February 6th, 2004, 01:37 AM
(*ponders*) AngelicKnight brought up an interesting points. There are many other AIM clients out there. I'm not quite sure if the security hole is Windows, AIM network, or AIM client. Might be interesting to try some of the others. If it is, indeed, the client, definitely go for an open source client, now. They have the lowest amount of security risks, because everyone sees them. Google AIM +client. A good one I know of is gAIM.
Geek isn't just a four-letter word; it's a six-figure income.
February 6th, 2004, 02:34 PM
I think that Cybr1d may have a point with the spyware............not the marketing kind but the professional eavesdropping sort.

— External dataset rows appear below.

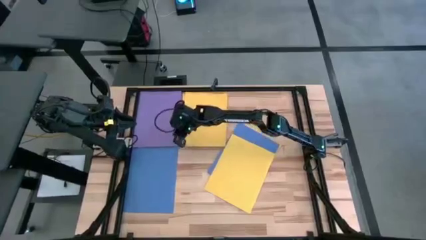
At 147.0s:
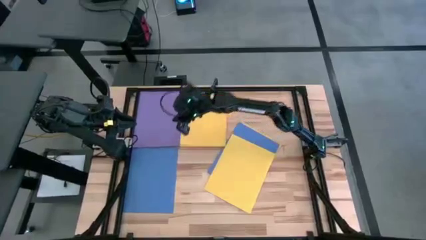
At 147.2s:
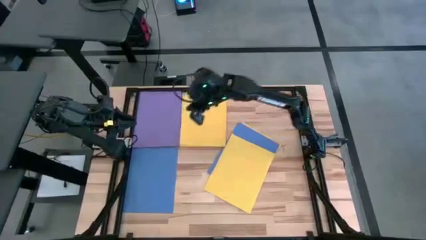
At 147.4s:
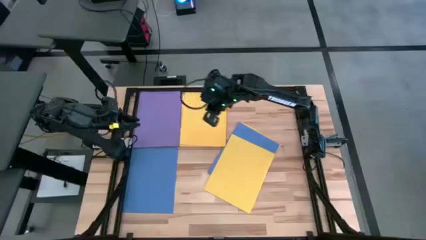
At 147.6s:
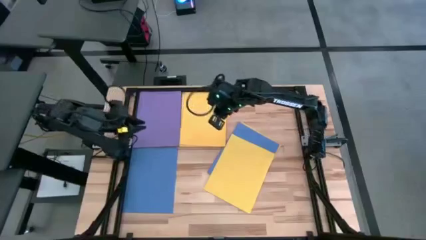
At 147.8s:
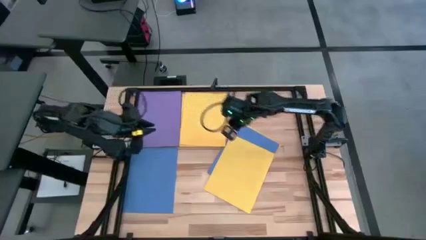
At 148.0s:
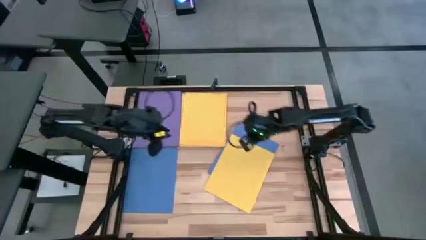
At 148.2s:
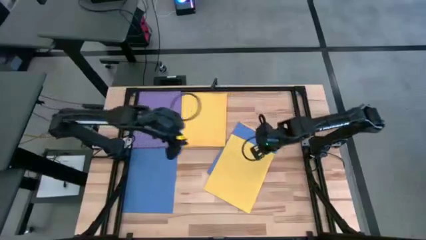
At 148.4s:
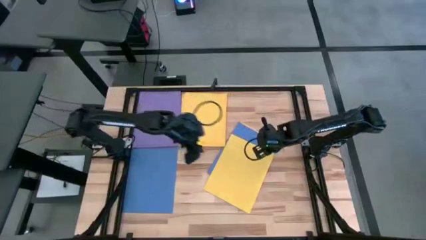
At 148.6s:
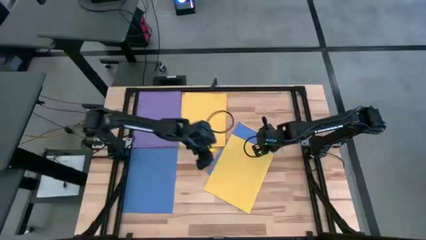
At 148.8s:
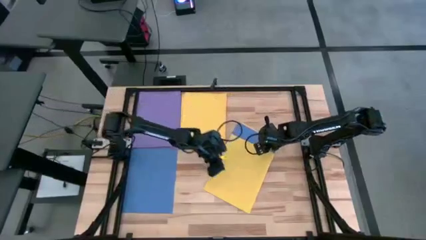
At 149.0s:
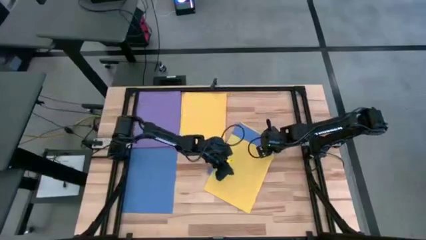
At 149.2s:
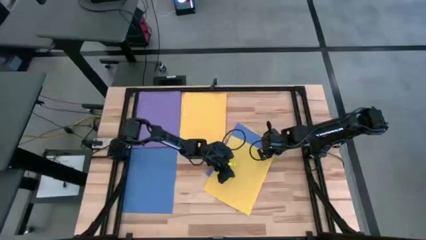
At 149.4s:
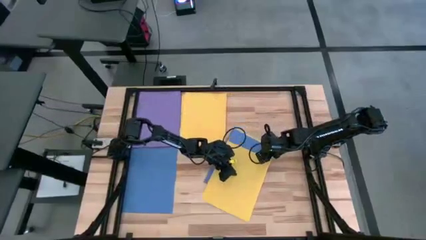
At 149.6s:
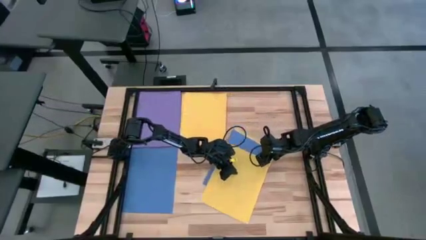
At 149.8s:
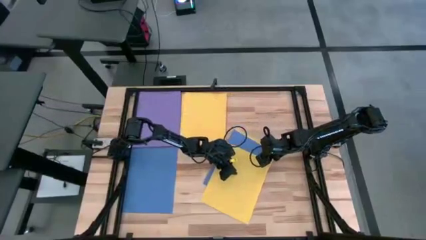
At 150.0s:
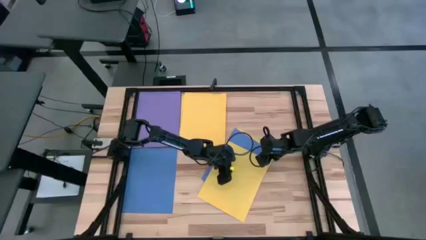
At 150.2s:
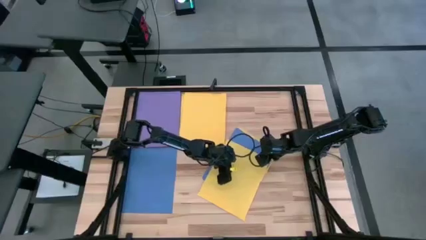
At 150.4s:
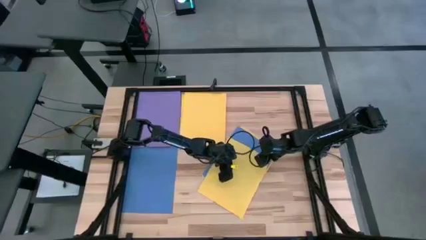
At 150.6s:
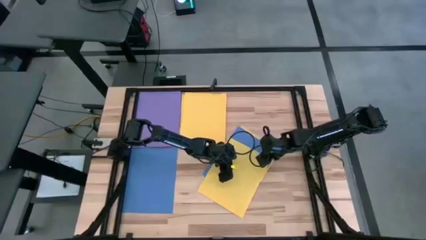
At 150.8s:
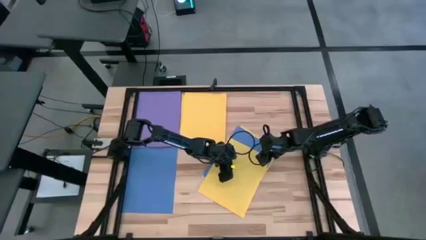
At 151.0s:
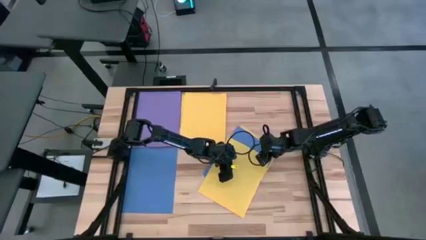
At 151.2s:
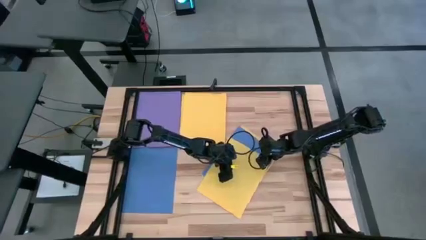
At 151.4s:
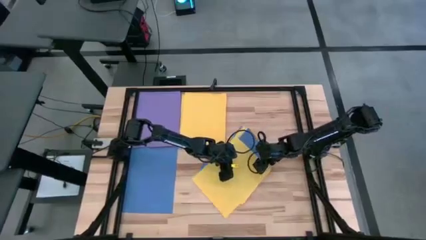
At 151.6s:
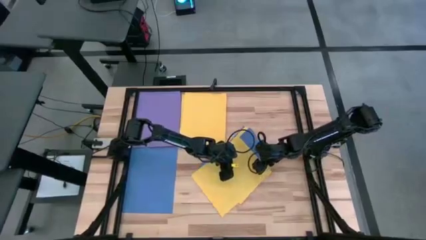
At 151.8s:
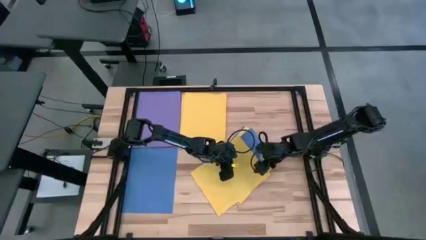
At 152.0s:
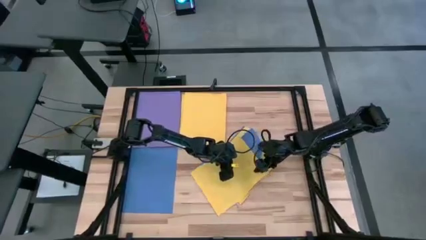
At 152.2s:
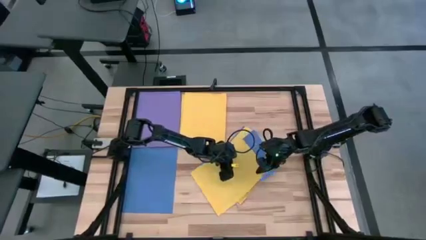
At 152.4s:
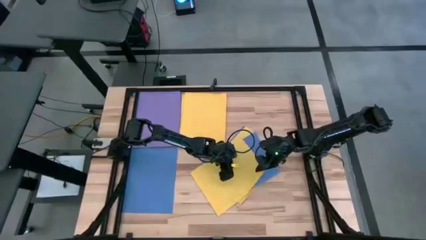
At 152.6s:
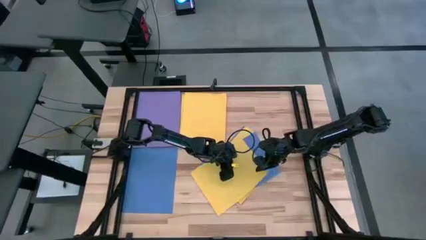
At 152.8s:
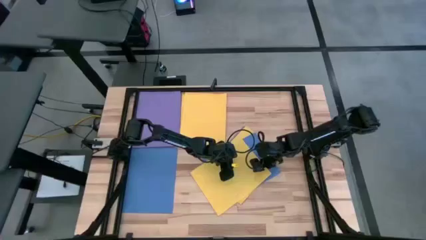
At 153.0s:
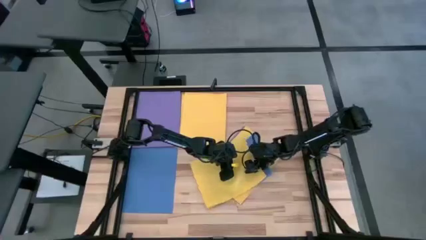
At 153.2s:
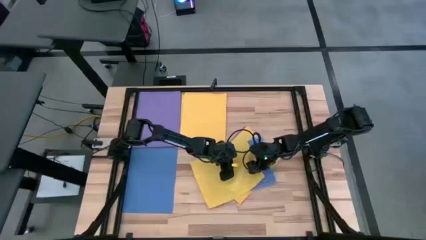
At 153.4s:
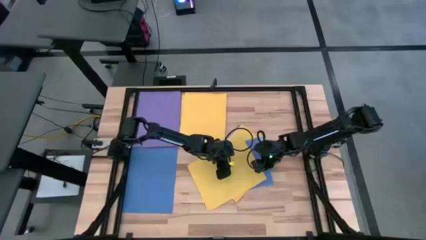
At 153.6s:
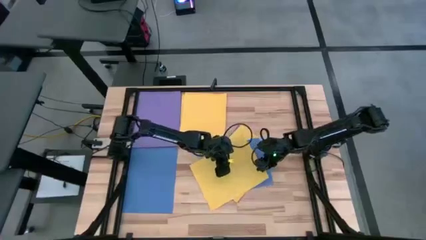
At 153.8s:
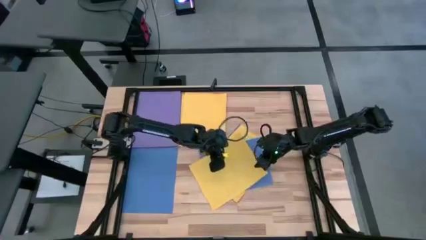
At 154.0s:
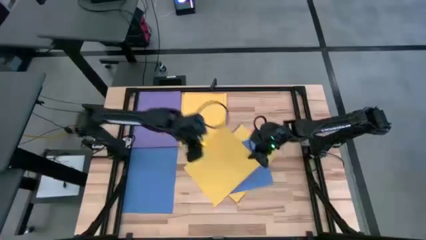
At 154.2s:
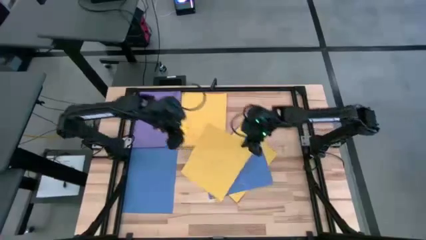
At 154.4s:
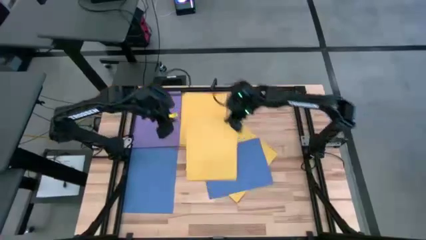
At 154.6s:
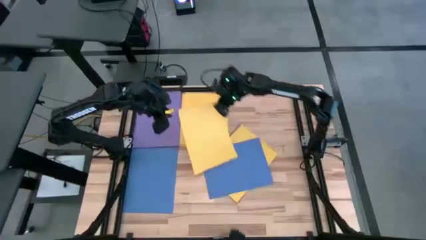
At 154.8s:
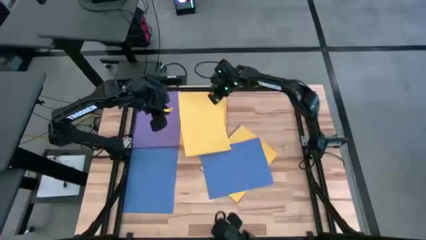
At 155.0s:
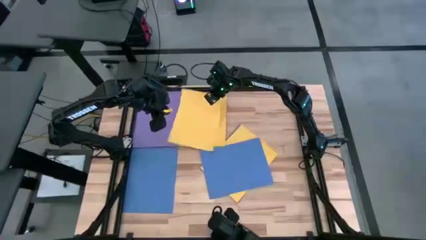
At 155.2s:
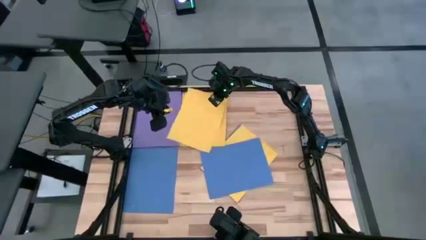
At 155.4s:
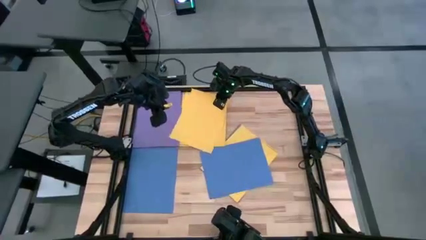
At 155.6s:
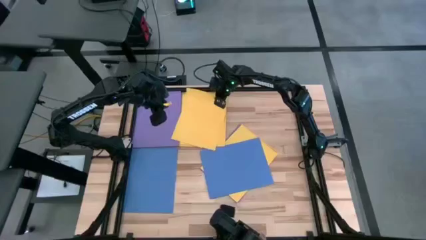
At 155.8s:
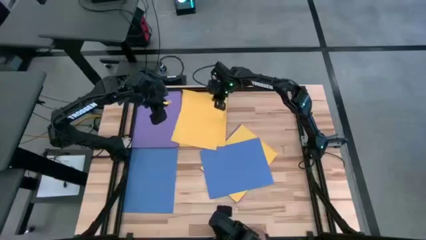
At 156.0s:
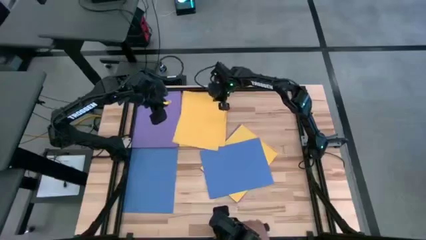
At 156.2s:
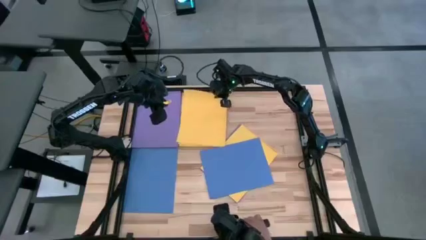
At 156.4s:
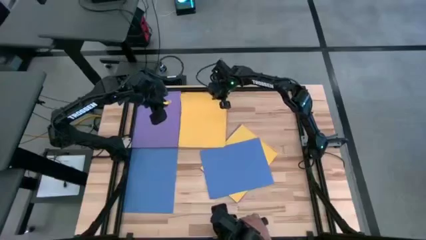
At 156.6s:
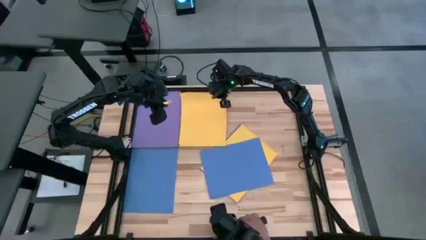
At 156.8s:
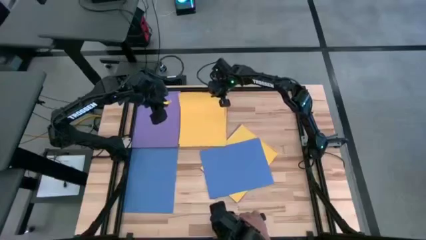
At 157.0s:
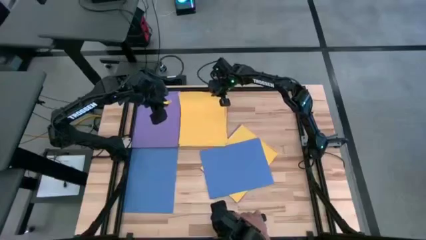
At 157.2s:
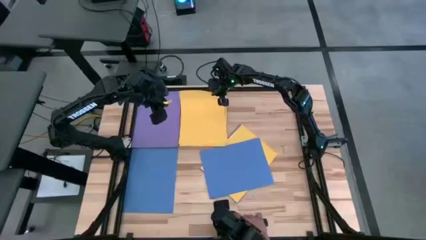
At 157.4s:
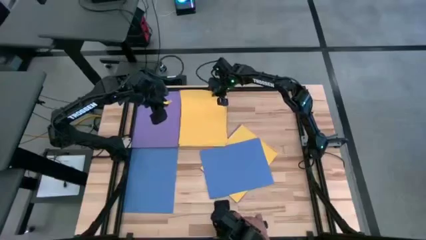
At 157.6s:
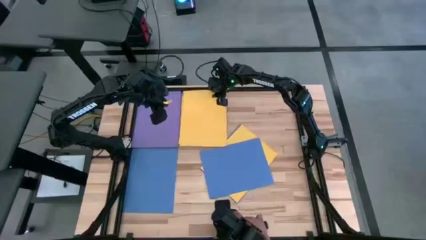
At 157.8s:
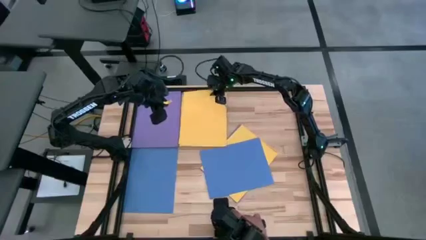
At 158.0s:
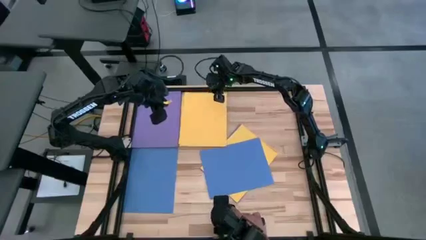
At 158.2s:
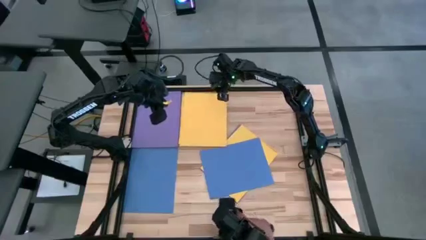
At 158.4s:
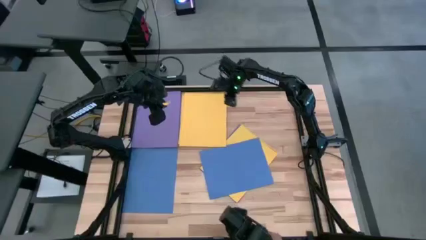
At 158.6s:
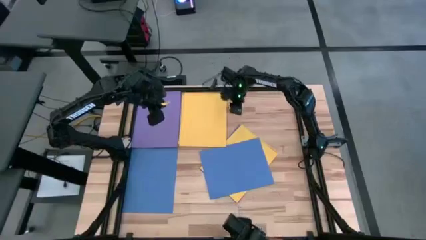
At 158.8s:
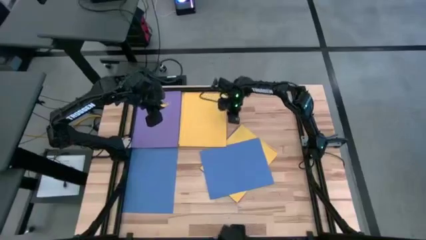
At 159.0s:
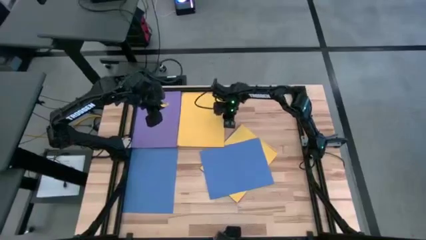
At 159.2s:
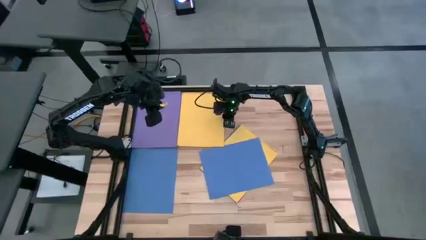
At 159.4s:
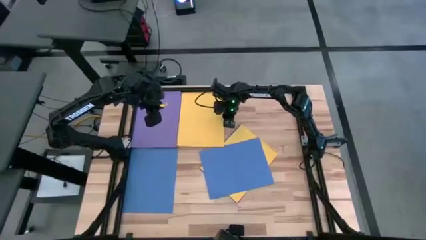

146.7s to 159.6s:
Task: Organize paper
Stack the yellow paper on top of the yellow paper

There was one being spammed a while back called "LoverSpy" which claimed to forward P2P conversations and e-mails. I believe that there are similar applications available on the market.
Unfortunately AdAware and SpyBot do not detect these, at least not when I ran a test on LoverSpy. I reported it to McAfee, who say that their product now does. If they still do an online scan you might both try that, or get a trial of the full product.
You also need a firewall that is blocking unauthorised outgoing connection attempts?
February 6th, 2004, 03:08 PM
Use Zone Alarm. If the scan and all that does not turn anything up. Reformat.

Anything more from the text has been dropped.